It’s been over week since my last blog post and I’d love to be able to tell you that my insurance saga is all figured out and my happy ending is wrapped up with a nice, crisp, perfectly folded bow. Unfortunately, that’s not how life works, or at least it’s not how my life works. After 8 days, what I am left with is a bunch of possibilities. I could possibly end my Medicaid insurance get out of the QBM group. I could possibly be back with my occupational therapists by July 1st. I could possibly not be able to drop Medicaid and be back at square one forced to find new providers. There’s a lot of possibilities and while some are definitely better than others, none of them are ideal.

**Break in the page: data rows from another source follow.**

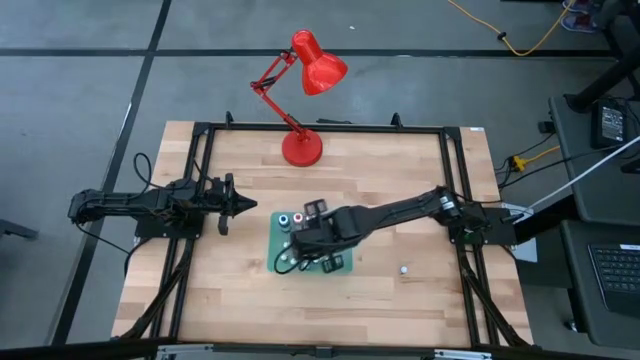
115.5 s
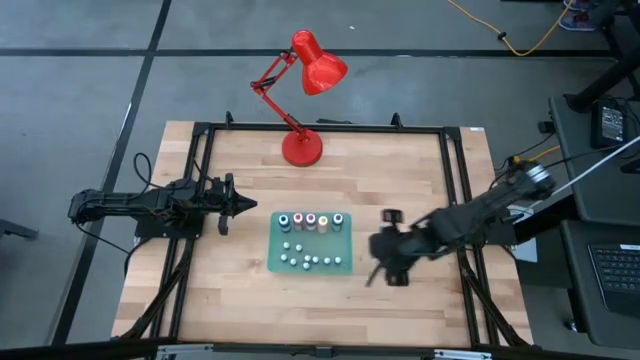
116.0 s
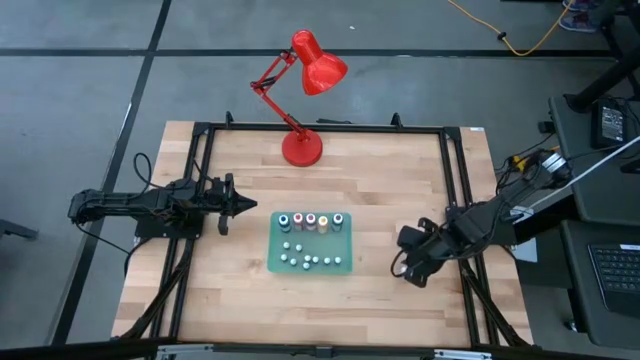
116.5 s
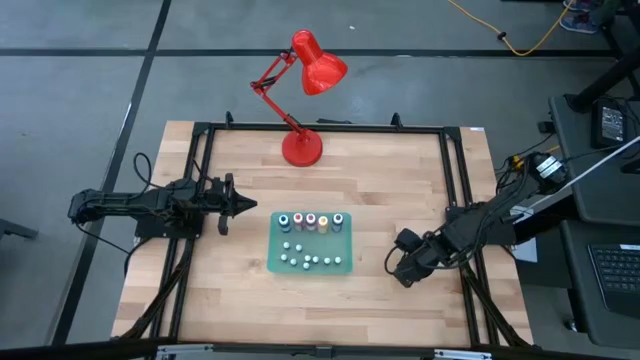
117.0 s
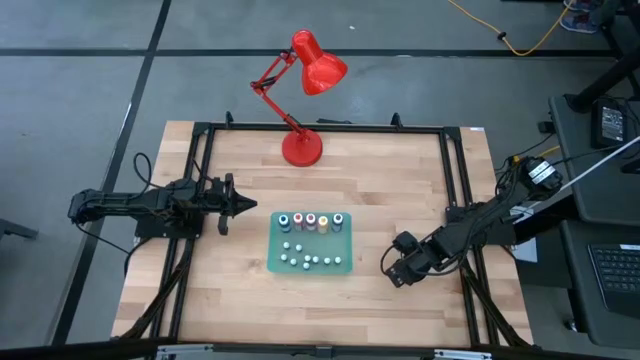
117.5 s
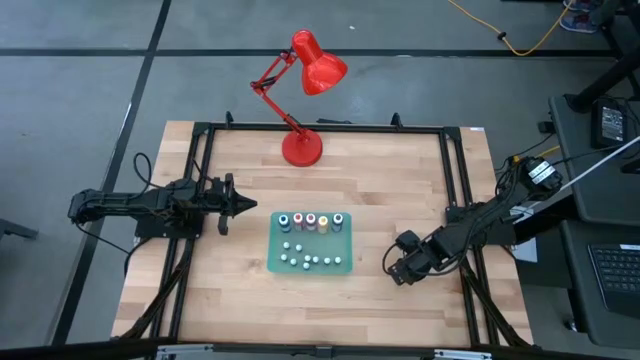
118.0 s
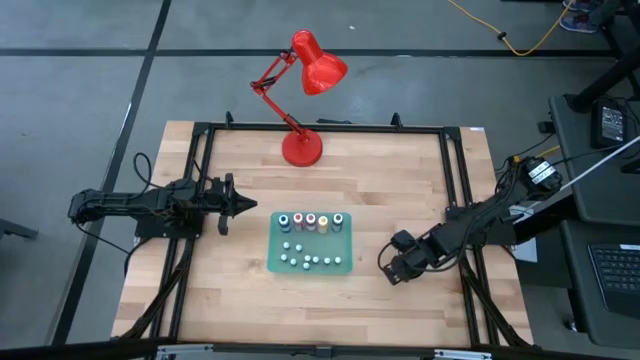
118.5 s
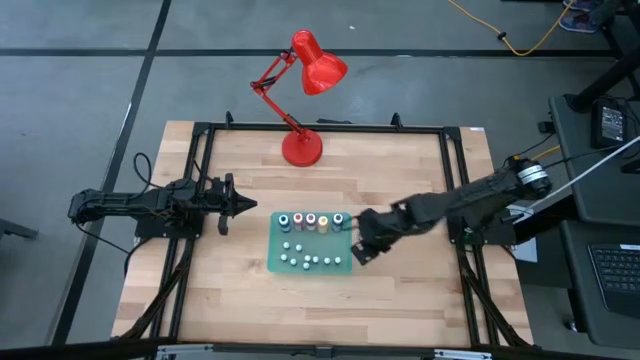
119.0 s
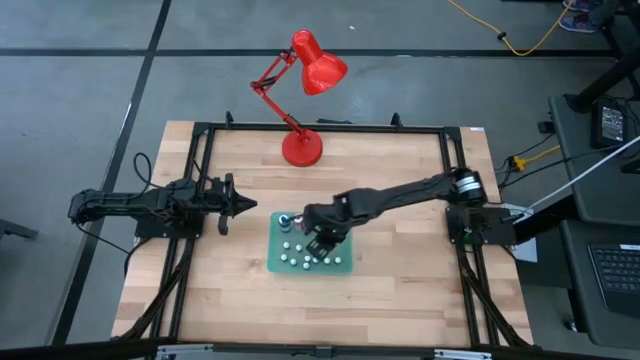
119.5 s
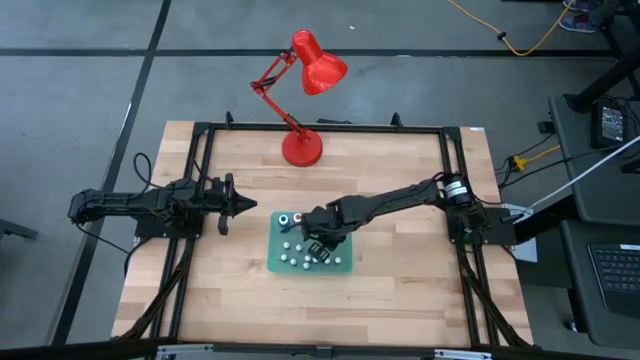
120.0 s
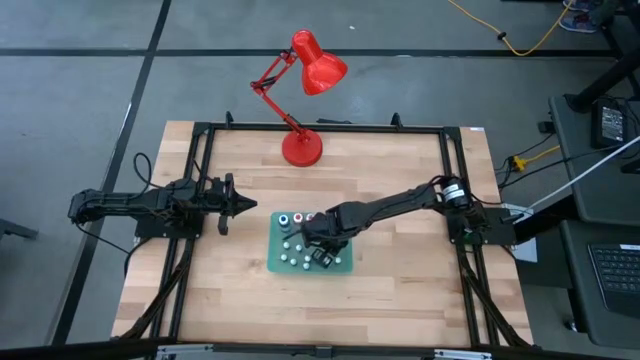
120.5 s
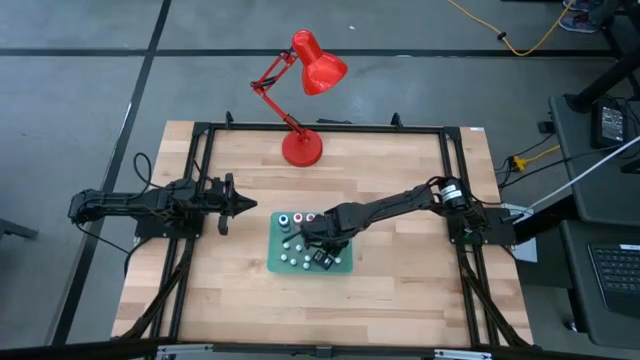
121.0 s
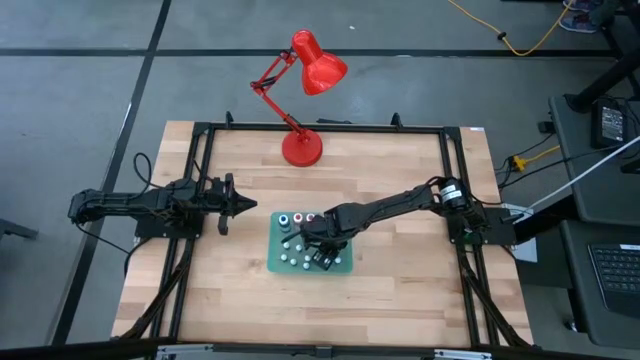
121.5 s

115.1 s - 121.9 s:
Put the small red bottle into the green bin

The road ahead is uncertain, but if I’m being honest it’s always been uncertain. I’ve been bushwhacking a path through a field filled with unexpected obstacles, twists, and turns for close to 3 years now. I’ve built and rebuilt and rebuilt my path many times, sometimes by choice, and other times because I’ve had to. Uncertainty has been my constant companion on this journey and while we are more comfortable with one another we are by no means friends.. we won’t be exchanging friendship bracelets anytime soon. I will say though that uncertainty has helped me strengthen my ability to be flexible, to adapt, and to say “It is what it is.”
A dear friend recently shared with me the prophetic and beautifully human words of the poet Andrea Gibson. Andrea is a queer and non-binary poet who is living with terminal cancer. If anyone knows uncertainty intimately, it’s Andrea. In a recent post titled “The Hardest Winter of My Life” Andrea wrote these words, “Neatly resolved stories signal that the exploration is over. Sometimes it’s not about knowing the answer, but being inside the question together.” I’ve read these 2 lines countless times since I received her post and I think about them all the time because they so beautifully describe what it’s like to embrace and be friend uncertainty. Doing so, is being inside the question or questions together.
I have many questions about what the coming weeks are going to look like when it comes to my health and navigating the bureaucratic obstacle course that is health insurance through the government. Uncertainty will be there and I want to embrace her and be in the questions with her. I say this now, but who knows what will happen when uncertainty comes knocking at 2am and she’s keeping me awake.. I may not want to befriend or be in the questions with her then.
All of our lives are uncertain.. for you Type A people I realize reading that sentence was hard and you need to probably take a break, do deep breathing exercises, and allow your blood pressure to return to normal as you don’t enjoy reminders that we actually have very little control in life. I totally understand.. that’s a truth I’m still not totally comfortable with myself. We have control over how we respond to the uncertainties that life throws our way. We have control over whether we decide to befriend uncertainty and be in the questions with her or if we try to outrun and ignore her powerful waves. If you’ve lived through and with uncertainty you know what her waves feel like and they can feel as if they are sucking the life right out of you. Know that if you let the waves come and you do your best to ride them they eventually calm.
So, in the spirit of Andrea Gibson may you embrace whatever uncertainties life has brought to your doorstep and may you allow yourself to befriend her and be inside the questions together.